陰奢緊咬著唇,他又看到她狼狽的樣子了吧,她的自尊心在他面前從來撐不起來,也無法存在。
「你們幾個膽大包天,竟敢欺負她!」草萬金不用主子提醒,瞪向那群跪在地上的宮女,然而他雖然努力板著臉,擺出東宮總管的架勢,但如果仔細一看,便可以瞧出他那兩條腿抖得跟篩糠似的,原因是主子去了瓊花殿找不到人,繞到園子找人就見到陰姑娘被人欺負,整個過程主子都在涼亭外看得一清二楚,涼亭外那株牡丹花活生生讓主子給掰斷了,牡丹花散落一地,想想這群不知死活的宮女,平日胡鬧只要不惹出什麼大事他也懶得管束,可這會兒欺負到陰姑娘頭上,那可是捅到馬蜂窩了。
「奴婢們……只是同她玩玩罷了。」
「是啊,是她自己跌倒不肯起來,咱們也沒辦法。」
幾個人沒意識到闖了大禍,還在狡辯。
「都給咱家住口!」草萬金沉聲一喝。
四人這才勉強閉嘴。
「全都去領罰,各打十五大板!」
四人登時青了臉,其中一人問道︰「草公公,這不過是咱們奴婢之間爭鬧的小事,您何須真責罰了?」
「奴婢?你們也配稱她奴婢?!」驀魏突然起腳朝說話的宮女肩頭踢去。
那名宮女被踢得骨頭月兌節了,痛得哀號,不過她慘叫了一聲就不敢再出聲,因為驀魏冰冷的眼神正凌厲的射在她身上,似是在說要是她再哀號一聲,之後恐怕再沒有出聲的機會了,宮女驚恐的趴伏在地。

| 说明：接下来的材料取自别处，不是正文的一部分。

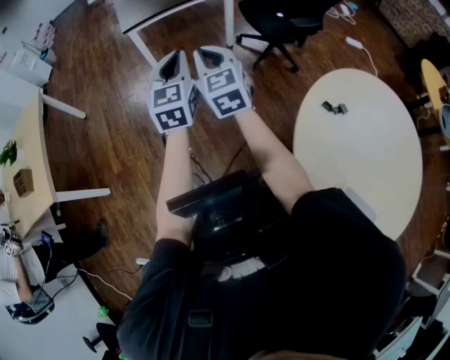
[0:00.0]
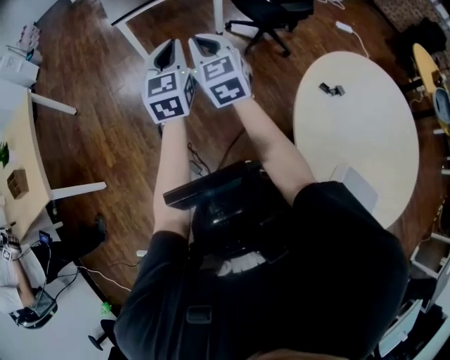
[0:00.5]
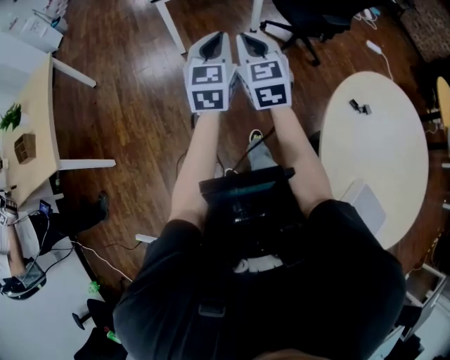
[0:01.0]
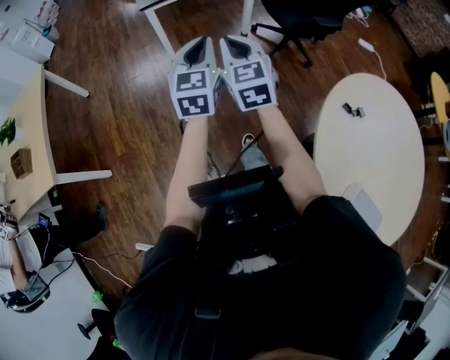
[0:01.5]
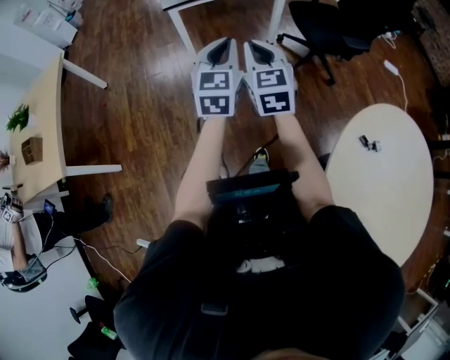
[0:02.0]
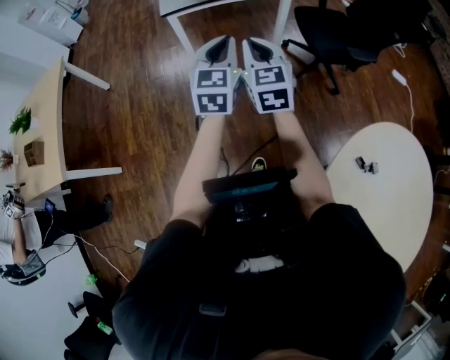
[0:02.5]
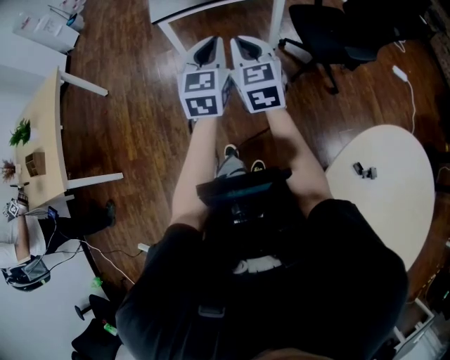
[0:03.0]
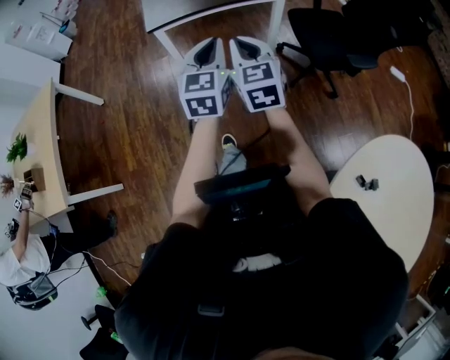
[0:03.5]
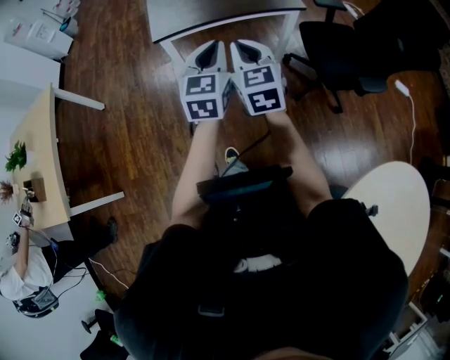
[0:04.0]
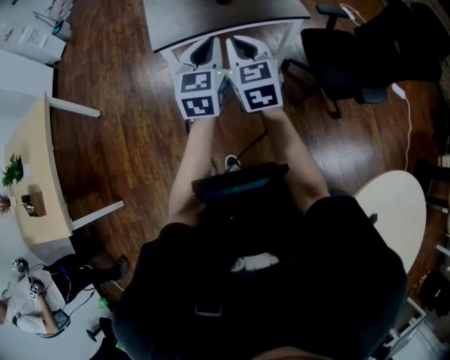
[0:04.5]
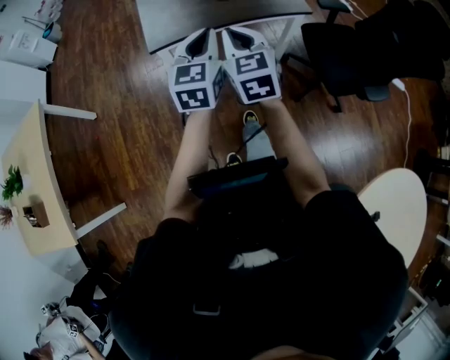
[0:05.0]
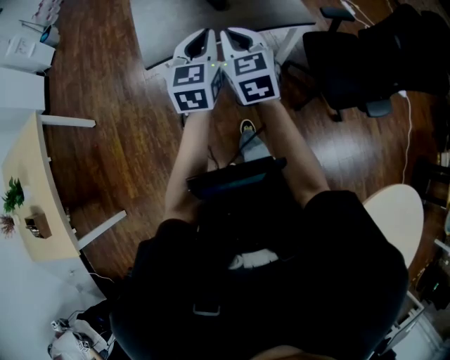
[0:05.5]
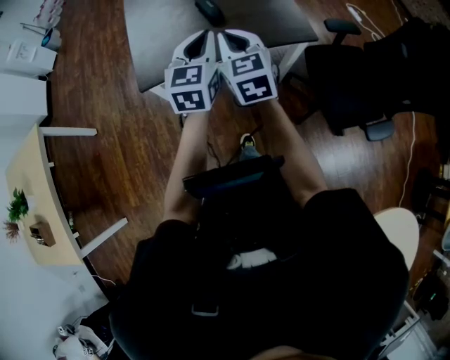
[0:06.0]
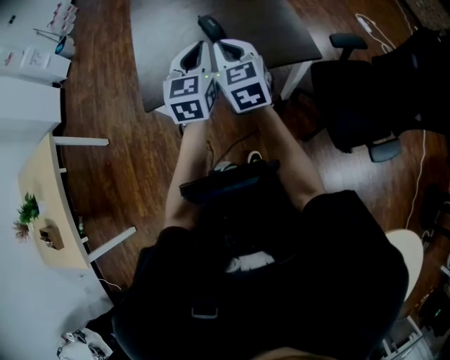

驀魏冰冷的視線轉向其他三個惹事的宮女,她們馬上趴伏著身子,顫抖個不停。
「奴婢們該死……奴婢們該死……」
听主子的話還有看主子的態度,她們已然知道被自己欺負的人是誰了,她們都曉得主子在瓊花殿里放了個女人,只是她們誰也沒見過,只知那女人來的第一天就被殿下整慘了,至今下不了床,她們私下沒少嘲笑過,後來又听說她有膽讓主子吃閉門羹,主子還沒拿她怎麼樣,才開始對她另眼相看。
今日姊妹們聚在涼亭,想聊的也是這個人,哪知說嘴的對象這就給踫上了,她們還有眼不識泰山的欺負了人家,而今瞧主子這神色,她們怕是闖大禍了。
「十五板是輕了,拉下去,每人五十板!」驀魏沉著臉道。
「殿……殿下饒命!」五十板打下去,不殘也廢了,四人險些昏厥過去。
「是。」草萬金應了一聲,招手讓人將四個放聲哭號的宮女給拉了下去。
他本來還有心救這幾個一命,誰教她們蠢,乖乖領個十五板就得了,偏偏激怒了主子,五十板是應得的。
「這……發生什麼事了?」晴惠姑姑帶著幾盤的小點和果子過來,就見到宮女們被拖走的慘樣,訝異的問。
「還說呢,你怎麼離開陰姑娘身邊了?她方才被那幾個不長眼的賤婢欺負,主子正發火……」
草萬金才剛上前提醒晴惠姑姑小心主子的怒氣,驀魏已朝晴惠姑姑森冷的道︰「你也下去領罰二十板!」
晴惠姑姑瞬間白了臉,沒想到自己不過離開一會兒就出事了,都怪她忘了御膳房那群丫頭一向囂張,近來又幾乎每晚都會來這里閑聊,她居然還粗心的留陰姑娘一個人,她是該罰,沒怨言的。
「別罰晴惠姑姑,她又沒欺負我。」陰奢趕緊替晴惠姑姑求饒,方才那幾個囂張惡劣,被懲戒也是應當,所以她沒求饒,可晴惠姑姑沒有犯錯,怎能被牽累。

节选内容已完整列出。